**Task details:** Make an exact copy of the records below, excluding images.

---

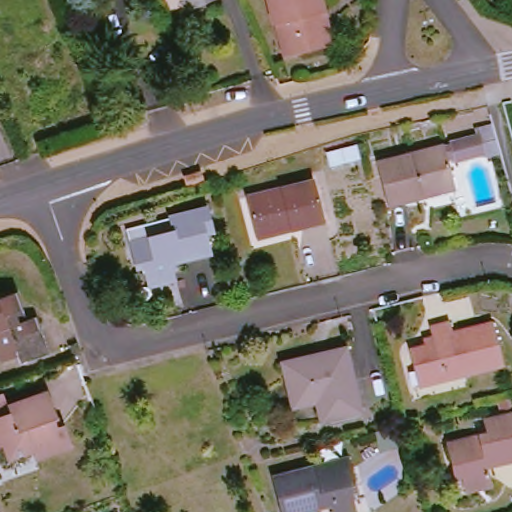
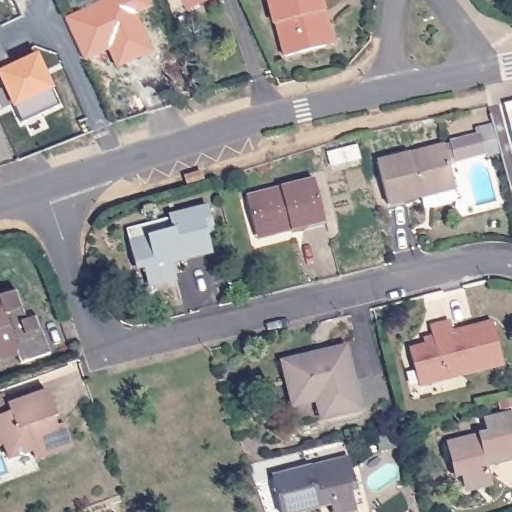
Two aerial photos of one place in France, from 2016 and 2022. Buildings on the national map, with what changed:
new [(154,6),(142,14),(154,52),(118,72),(109,54),(87,65),(63,14),(95,0),(150,0),(154,6)]
unchanged [(185,9),(181,0),(206,0),(185,9)]
unchanged [(331,50),(291,61),(282,29),(280,30),(271,0),(325,0),(329,16),(338,49),(331,50)]
new [(12,69),(36,58),(59,109),(21,126),(0,79),(0,44),(1,43),(12,69)]
unchanged [(485,151),(455,158),(451,143),(481,136),(485,151)]
unchanged [(421,198),(388,206),(377,163),(444,146),(453,182),(455,189),(421,198)]
unchanged [(255,233),(246,197),(314,180),(325,222),(291,230),(257,239),(255,233)]
unchanged [(218,230),(211,232),(216,252),(176,262),(181,279),(154,286),(147,261),(140,263),(135,243),(177,232),(175,219),(213,209),(218,230)]
unchanged [(14,289),(21,305),(27,303),(31,315),(41,311),(56,348),(26,360),(22,350),(5,357),(2,348),(0,349),(0,289),(2,294),(14,289)]
unchanged [(450,328),(452,338),(492,328),(503,370),(425,390),(421,374),(415,376),(409,356),(425,352),(423,346),(432,343),(430,333),(450,328)]
unchanged [(326,422),(324,414),(321,402),(297,407),(287,363),(350,348),(362,398),(365,412),(326,422)]
unchanged [(54,420),(57,428),(64,425),(72,447),(36,460),(32,452),(9,460),(4,446),(0,448),(0,398),(4,396),(7,407),(47,392),(57,419),(54,420)]
unchanged [(492,434),(489,420),(512,415),(512,460),(492,465),(496,481),(469,488),(464,463),(457,465),(452,443),(492,434)]
unchanged [(361,484),(355,486),(361,507),(344,512),(338,512),(335,500),(325,503),(326,505),(302,512),(286,512),(277,479),(354,459),(361,484)]

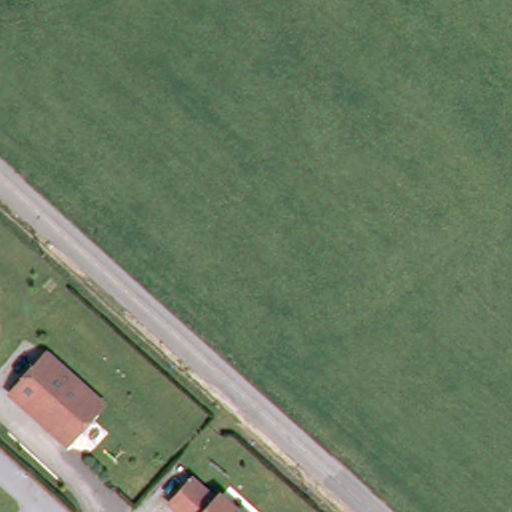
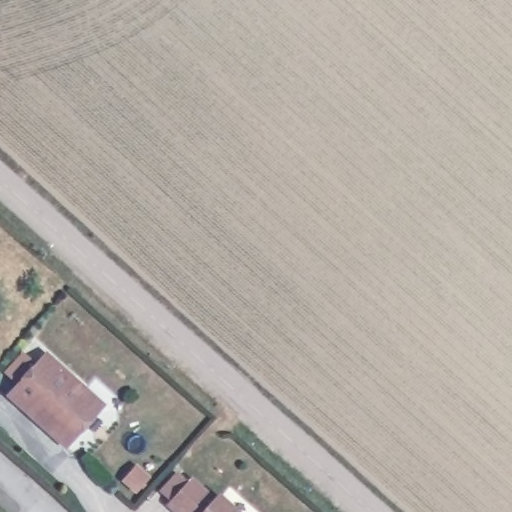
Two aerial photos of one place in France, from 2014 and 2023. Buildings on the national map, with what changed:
unchanged [(7,395),(42,355),(100,406),(64,445),(43,427),(36,421),(7,395)]
unchanged [(170,506),(191,481),(215,502),(218,497),(236,512),(177,512),(170,506)]

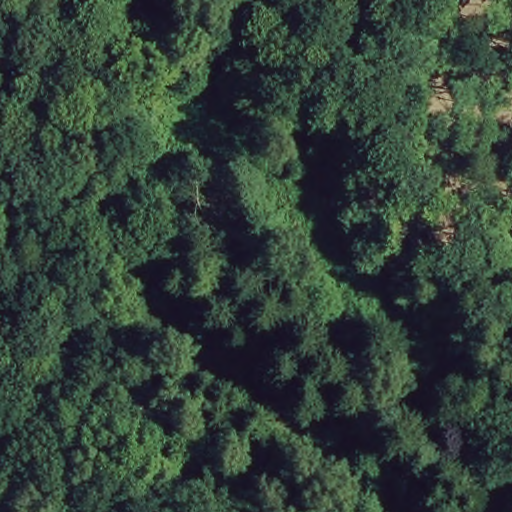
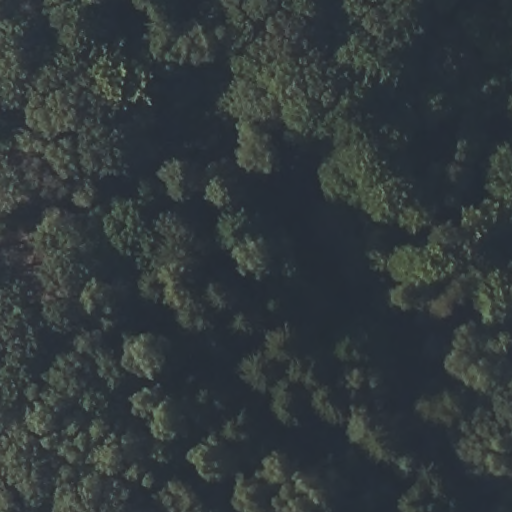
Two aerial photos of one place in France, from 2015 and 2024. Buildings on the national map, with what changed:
[]

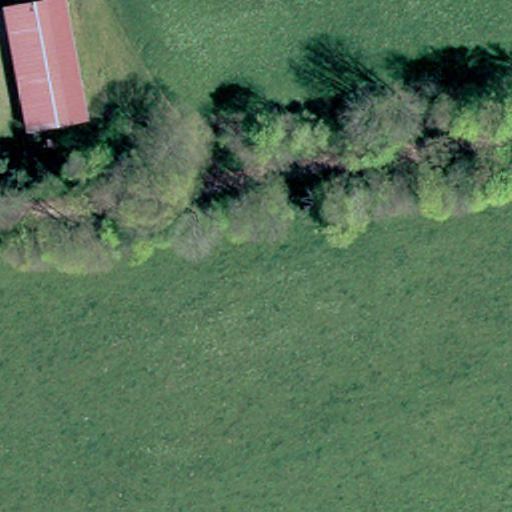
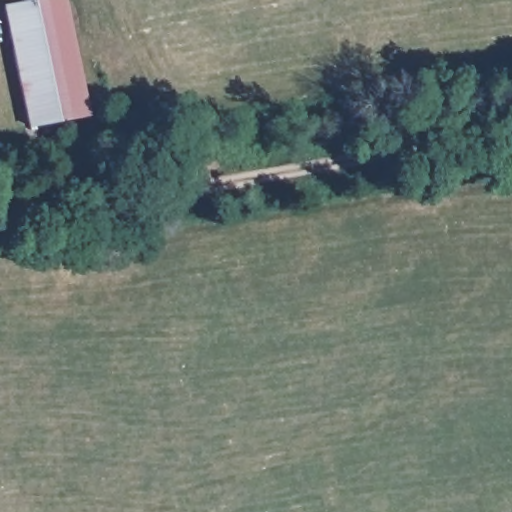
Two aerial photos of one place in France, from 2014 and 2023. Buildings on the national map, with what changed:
unchanged [(69,0),(93,120),(29,133),(3,9),(43,0),(69,0)]

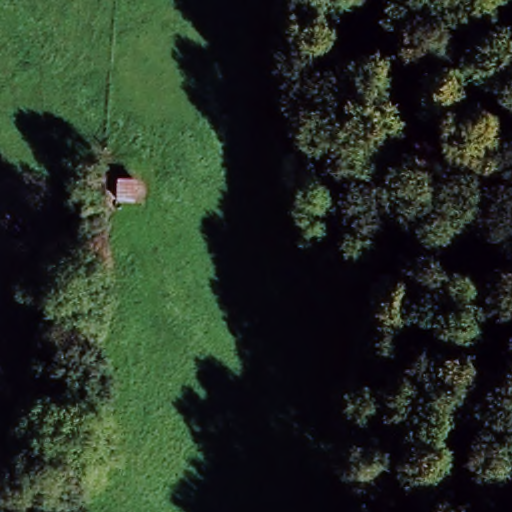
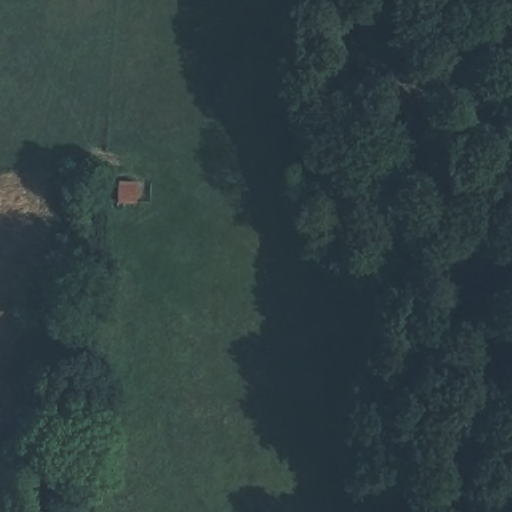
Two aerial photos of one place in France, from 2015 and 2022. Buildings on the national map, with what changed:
unchanged [(114,204),(117,182),(137,183),(139,205),(114,204)]

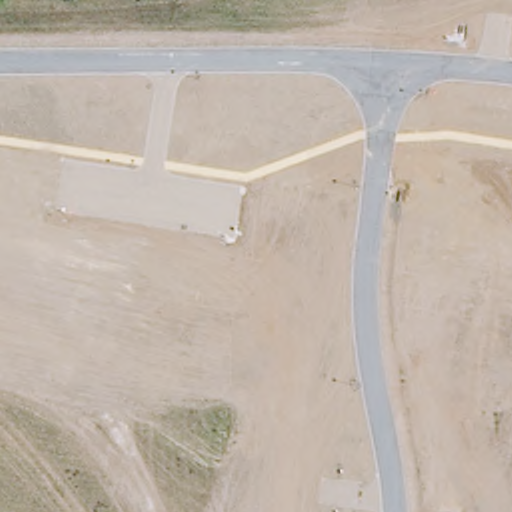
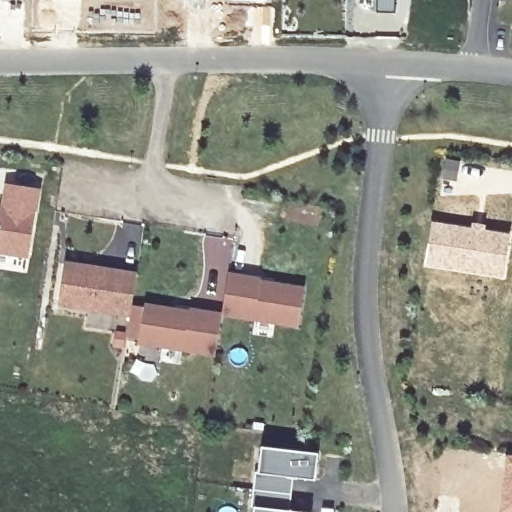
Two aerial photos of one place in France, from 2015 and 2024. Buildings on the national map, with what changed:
new [(266,0),(266,3),(228,2),(228,0),(266,0)]
new [(378,12),(378,0),(396,0),(396,12),(378,12)]
new [(3,210),(7,186),(38,191),(27,259),(0,254),(0,209),(3,210)]
new [(431,220),(511,232),(504,279),(423,266),(431,220)]
new [(137,271),(133,304),(144,305),(144,303),(189,308),(189,307),(222,310),(227,272),(261,276),(260,279),(304,286),(298,328),(220,317),(215,356),(139,345),(140,341),(127,338),(130,317),(58,307),(64,260),(137,271)]
new [(256,505),(260,472),(263,446),(320,453),(317,478),(298,477),(295,511),(299,512),(255,512),(256,505)]
new [(510,458),(512,458),(512,512),(498,512),(504,470),(505,457),(510,458)]

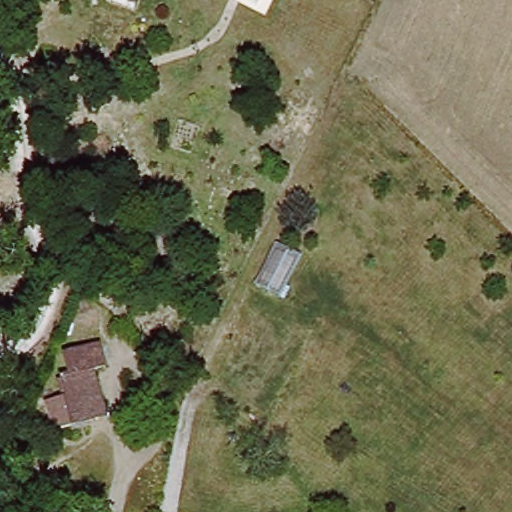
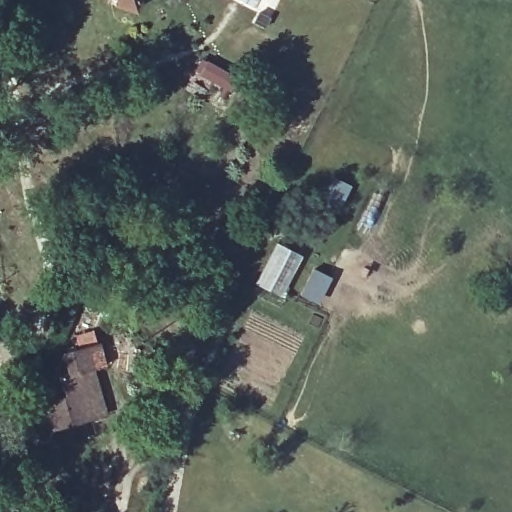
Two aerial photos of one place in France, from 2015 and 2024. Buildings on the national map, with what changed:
unchanged [(108,3),(109,0),(139,0),(132,14),(108,3)]
unchanged [(50,399),(70,397),(67,371),(78,370),(76,349),(106,346),(107,366),(99,368),(103,414),(52,420),(50,399)]

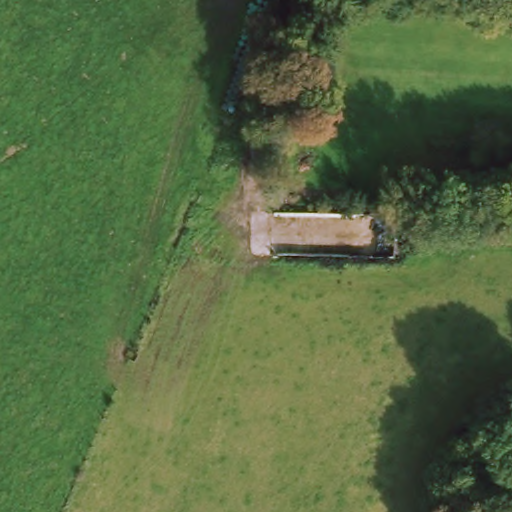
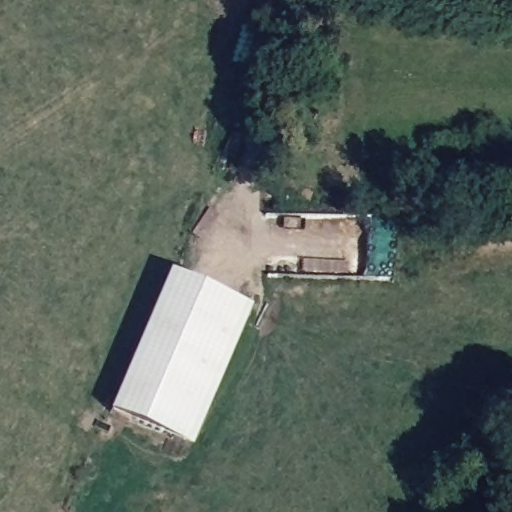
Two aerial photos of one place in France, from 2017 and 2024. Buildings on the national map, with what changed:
new [(169,275),(251,310),(191,450),(109,414),(169,275)]

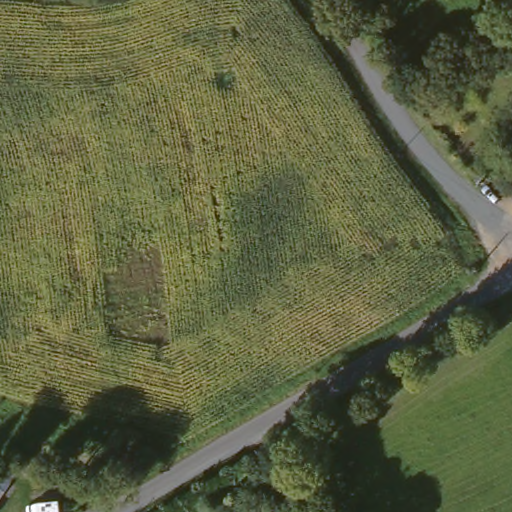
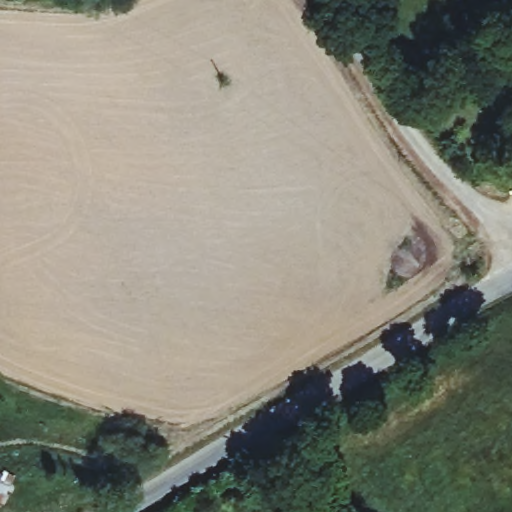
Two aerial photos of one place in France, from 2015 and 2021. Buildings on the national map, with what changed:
unchanged [(0,501),(0,474),(13,482),(0,501)]

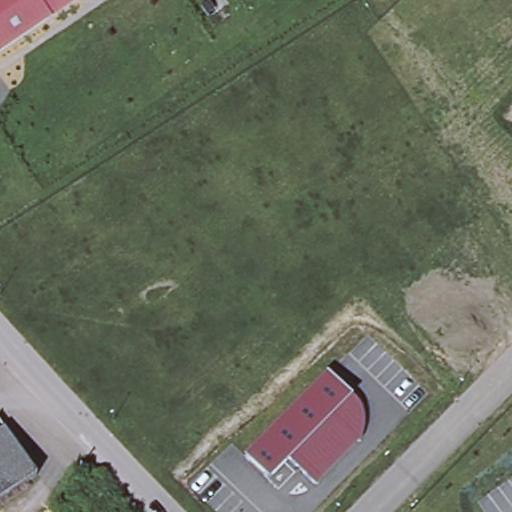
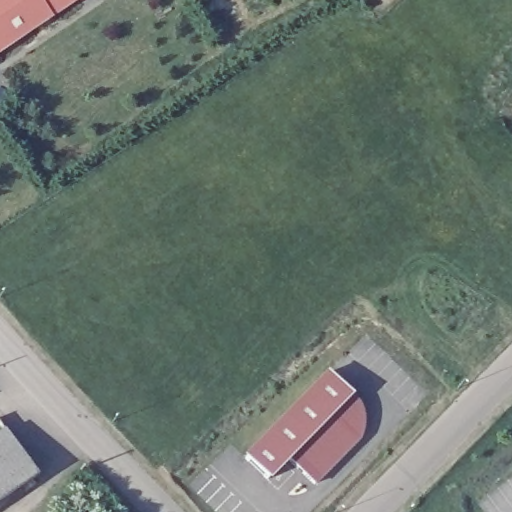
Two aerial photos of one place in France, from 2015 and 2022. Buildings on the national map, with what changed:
unchanged [(39,0),(50,17),(0,51),(0,0),(39,0)]
unchanged [(39,0),(75,0),(50,17),(39,0)]
unchanged [(246,457),(329,372),(352,394),(289,458),(268,479),(246,457)]
unchanged [(352,394),(357,401),(361,408),(363,417),(363,423),(363,424),(362,430),(361,434),(360,437),(358,440),(315,484),(289,458),(352,394)]
unchanged [(37,478),(0,503),(0,434),(5,430),(37,478)]

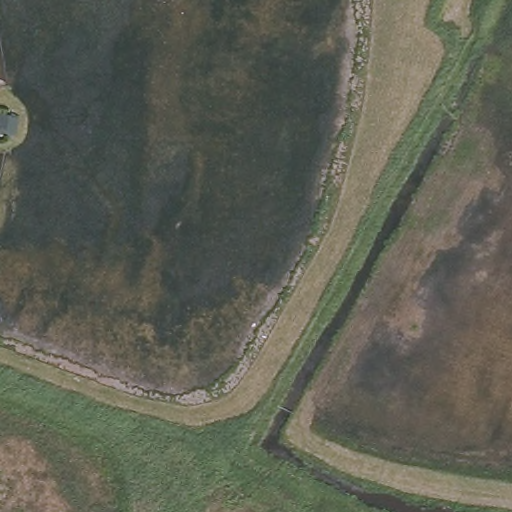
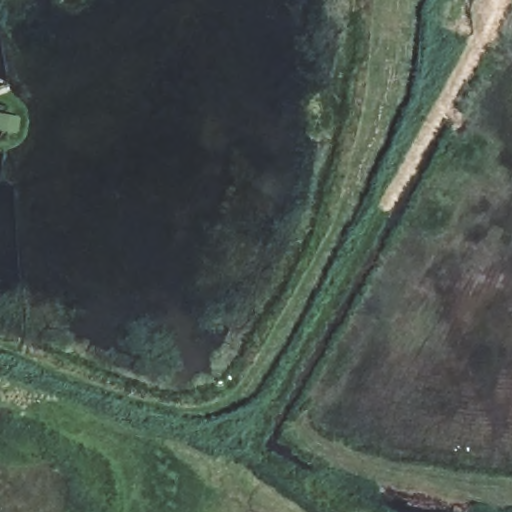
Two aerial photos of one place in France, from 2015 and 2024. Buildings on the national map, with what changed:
unchanged [(9,108),(0,125),(0,105),(9,108)]

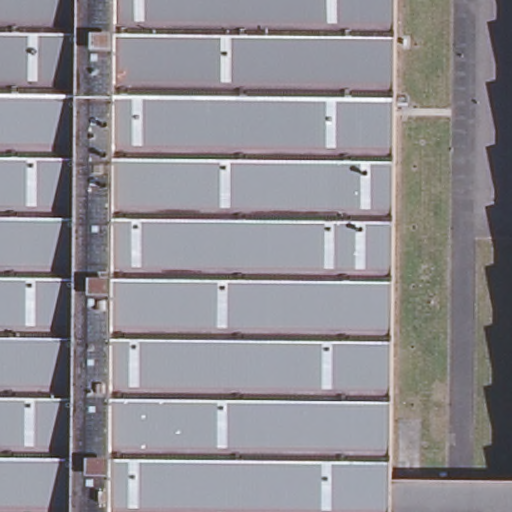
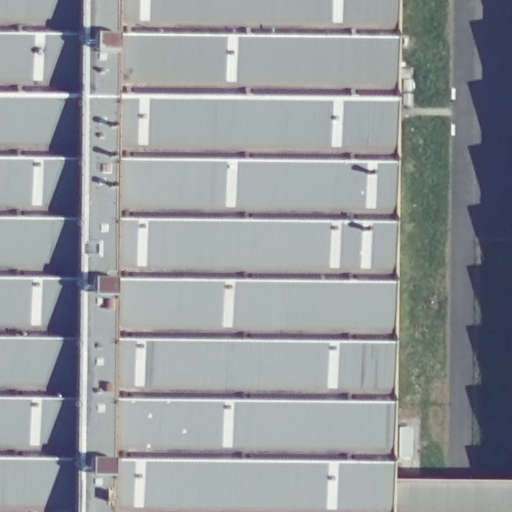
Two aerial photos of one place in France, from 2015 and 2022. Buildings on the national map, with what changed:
unchanged [(393,512),(0,512),(0,0),(399,0),(393,477),(393,512)]
unchanged [(512,479),(512,512),(393,512),(393,477),(512,479)]

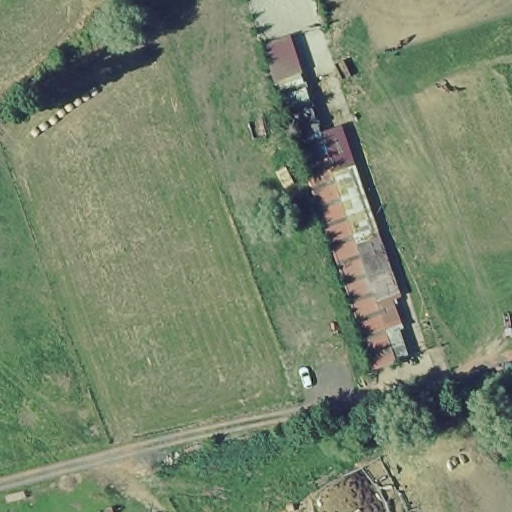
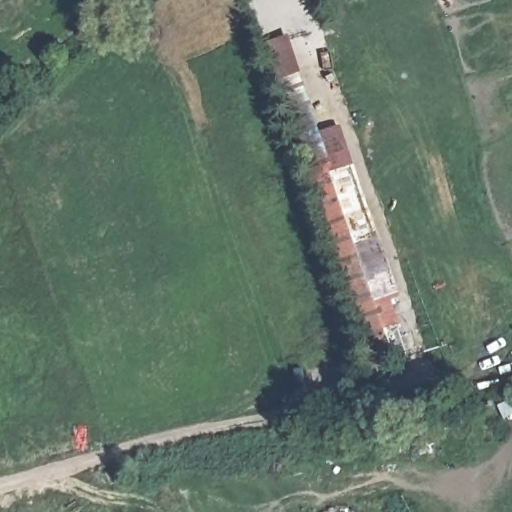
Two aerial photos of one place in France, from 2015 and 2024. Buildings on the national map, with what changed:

---

**Completed exercise:**
Two aerial photos of one place in France, from 2016 and 2022. Buildings on the national map, with what changed:
new [(154,6),(142,14),(154,52),(118,72),(109,54),(87,65),(63,14),(95,0),(150,0),(154,6)]
unchanged [(185,9),(181,0),(206,0),(185,9)]
unchanged [(331,50),(291,61),(282,29),(280,30),(271,0),(325,0),(329,16),(338,49),(331,50)]
new [(12,69),(36,58),(59,109),(21,126),(0,79),(0,44),(1,43),(12,69)]
unchanged [(485,151),(455,158),(451,143),(481,136),(485,151)]
unchanged [(421,198),(388,206),(377,163),(444,146),(453,182),(455,189),(421,198)]
unchanged [(255,233),(246,197),(314,180),(325,222),(291,230),(257,239),(255,233)]
unchanged [(218,230),(211,232),(216,252),(176,262),(181,279),(154,286),(147,261),(140,263),(135,243),(177,232),(175,219),(213,209),(218,230)]
unchanged [(14,289),(21,305),(27,303),(31,315),(41,311),(56,348),(26,360),(22,350),(5,357),(2,348),(0,349),(0,289),(2,294),(14,289)]
unchanged [(450,328),(452,338),(492,328),(503,370),(425,390),(421,374),(415,376),(409,356),(425,352),(423,346),(432,343),(430,333),(450,328)]
unchanged [(326,422),(324,414),(321,402),(297,407),(287,363),(350,348),(362,398),(365,412),(326,422)]
unchanged [(54,420),(57,428),(64,425),(72,447),(36,460),(32,452),(9,460),(4,446),(0,448),(0,398),(4,396),(7,407),(47,392),(57,419),(54,420)]
unchanged [(492,434),(489,420),(512,415),(512,460),(492,465),(496,481),(469,488),(464,463),(457,465),(452,443),(492,434)]
unchanged [(361,484),(355,486),(361,507),(344,512),(338,512),(335,500),(325,503),(326,505),(302,512),(286,512),(277,479),(354,459),(361,484)]

Two aerial photos of one place in France, from 2014 and 2023. Buildings on the national map, with what changed:
unchanged [(7,395),(42,355),(100,406),(64,445),(43,427),(36,421),(7,395)]
unchanged [(170,506),(191,481),(215,502),(218,497),(236,512),(177,512),(170,506)]

Two aerial photos of one place in France, from 2015 and 2024. Buildings on the national map, with what changed:
[]

Two aerial photos of one place in France, from 2014 and 2023. Buildings on the national map, with what changed:
unchanged [(69,0),(93,120),(29,133),(3,9),(43,0),(69,0)]

Two aerial photos of one place in France, from 2015 and 2022. Buildings on the national map, with what changed:
unchanged [(114,204),(117,182),(137,183),(139,205),(114,204)]

Two aerial photos of one place in France, from 2015 and 2024. Buildings on the national map, with what changed:
new [(266,0),(266,3),(228,2),(228,0),(266,0)]
new [(378,12),(378,0),(396,0),(396,12),(378,12)]
new [(3,210),(7,186),(38,191),(27,259),(0,254),(0,209),(3,210)]
new [(431,220),(511,232),(504,279),(423,266),(431,220)]
new [(137,271),(133,304),(144,305),(144,303),(189,308),(189,307),(222,310),(227,272),(261,276),(260,279),(304,286),(298,328),(220,317),(215,356),(139,345),(140,341),(127,338),(130,317),(58,307),(64,260),(137,271)]
new [(256,505),(260,472),(263,446),(320,453),(317,478),(298,477),(295,511),(299,512),(255,512),(256,505)]
new [(510,458),(512,458),(512,512),(498,512),(504,470),(505,457),(510,458)]

Two aerial photos of one place in France, from 2015 and 2024. Buildings on the national map, with what changed:
unchanged [(108,3),(109,0),(139,0),(132,14),(108,3)]
unchanged [(50,399),(70,397),(67,371),(78,370),(76,349),(106,346),(107,366),(99,368),(103,414),(52,420),(50,399)]

Two aerial photos of one place in France, from 2017 and 2024. Buildings on the national map, with what changed:
new [(169,275),(251,310),(191,450),(109,414),(169,275)]

Two aerial photos of one place in France, from 2015 and 2021. Buildings on the national map, with what changed:
unchanged [(0,501),(0,474),(13,482),(0,501)]

Two aerial photos of one place in France, from 2015 and 2022. Buildings on the national map, with what changed:
unchanged [(39,0),(50,17),(0,51),(0,0),(39,0)]
unchanged [(39,0),(75,0),(50,17),(39,0)]
unchanged [(246,457),(329,372),(352,394),(289,458),(268,479),(246,457)]
unchanged [(352,394),(357,401),(361,408),(363,417),(363,423),(363,424),(362,430),(361,434),(360,437),(358,440),(315,484),(289,458),(352,394)]
unchanged [(37,478),(0,503),(0,434),(5,430),(37,478)]

Two aerial photos of one place in France, from 2015 and 2024. Buildings on the national map, with what changed:
unchanged [(9,108),(0,125),(0,105),(9,108)]

Two aerial photos of one place in France, from 2015 and 2022. Buildings on the national map, with what changed:
unchanged [(393,512),(0,512),(0,0),(399,0),(393,477),(393,512)]
unchanged [(512,479),(512,512),(393,512),(393,477),(512,479)]

Two aerial photos of one place in France, from 2015 and 2024. Buildings on the national map, with what changed:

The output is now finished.